── Data

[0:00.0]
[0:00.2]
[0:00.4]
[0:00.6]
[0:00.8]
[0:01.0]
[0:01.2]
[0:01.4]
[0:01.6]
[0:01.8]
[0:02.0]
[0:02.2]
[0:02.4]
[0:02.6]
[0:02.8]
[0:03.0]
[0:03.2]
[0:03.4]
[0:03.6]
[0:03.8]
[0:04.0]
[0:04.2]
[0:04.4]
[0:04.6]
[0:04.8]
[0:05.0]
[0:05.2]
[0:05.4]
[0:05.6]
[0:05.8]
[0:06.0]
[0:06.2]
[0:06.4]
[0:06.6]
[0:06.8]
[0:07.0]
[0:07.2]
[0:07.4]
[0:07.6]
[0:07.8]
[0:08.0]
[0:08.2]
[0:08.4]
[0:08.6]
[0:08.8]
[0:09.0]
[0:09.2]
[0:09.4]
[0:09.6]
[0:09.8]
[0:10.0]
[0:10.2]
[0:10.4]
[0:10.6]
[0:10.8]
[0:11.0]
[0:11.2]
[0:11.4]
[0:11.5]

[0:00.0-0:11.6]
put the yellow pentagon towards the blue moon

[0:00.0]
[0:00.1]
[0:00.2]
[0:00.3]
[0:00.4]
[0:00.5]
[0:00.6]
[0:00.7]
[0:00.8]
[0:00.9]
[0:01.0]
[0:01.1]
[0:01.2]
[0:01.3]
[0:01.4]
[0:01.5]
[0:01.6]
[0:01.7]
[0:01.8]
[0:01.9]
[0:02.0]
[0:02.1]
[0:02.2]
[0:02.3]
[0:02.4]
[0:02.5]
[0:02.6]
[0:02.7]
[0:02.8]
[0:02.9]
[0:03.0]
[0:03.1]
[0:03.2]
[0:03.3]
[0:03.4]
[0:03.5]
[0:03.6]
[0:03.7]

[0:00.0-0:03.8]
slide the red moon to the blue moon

────

=== Work request ===
Copy each line of the entries exactly.

=== Answer below ===
[0:00.0]
[0:00.2]
[0:00.4]
[0:00.6]
[0:00.8]
[0:01.0]
[0:01.2]
[0:01.4]
[0:01.6]
[0:01.8]
[0:02.0]
[0:02.2]
[0:02.4]
[0:02.6]
[0:02.8]
[0:03.0]
[0:03.2]
[0:03.4]
[0:03.6]
[0:03.8]
[0:04.0]
[0:04.2]
[0:04.4]
[0:04.6]
[0:04.8]
[0:05.0]
[0:05.2]
[0:05.4]
[0:05.6]
[0:05.8]
[0:06.0]
[0:06.2]
[0:06.4]
[0:06.6]
[0:06.8]
[0:07.0]
[0:07.2]
[0:07.4]
[0:07.6]
[0:07.8]
[0:08.0]
[0:08.2]
[0:08.4]
[0:08.6]
[0:08.8]
[0:09.0]
[0:09.2]
[0:09.4]
[0:09.6]
[0:09.8]
[0:10.0]
[0:10.2]
[0:10.4]
[0:10.6]
[0:10.8]
[0:11.0]
[0:11.2]
[0:11.4]
[0:11.5]

[0:00.0-0:11.6]
put the yellow pentagon towards the blue moon

[0:00.0]
[0:00.1]
[0:00.2]
[0:00.3]
[0:00.4]
[0:00.5]
[0:00.6]
[0:00.7]
[0:00.8]
[0:00.9]
[0:01.0]
[0:01.1]
[0:01.2]
[0:01.3]
[0:01.4]
[0:01.5]
[0:01.6]
[0:01.7]
[0:01.8]
[0:01.9]
[0:02.0]
[0:02.1]
[0:02.2]
[0:02.3]
[0:02.4]
[0:02.5]
[0:02.6]
[0:02.7]
[0:02.8]
[0:02.9]
[0:03.0]
[0:03.1]
[0:03.2]
[0:03.3]
[0:03.4]
[0:03.5]
[0:03.6]
[0:03.7]

[0:00.0-0:03.8]
slide the red moon to the blue moon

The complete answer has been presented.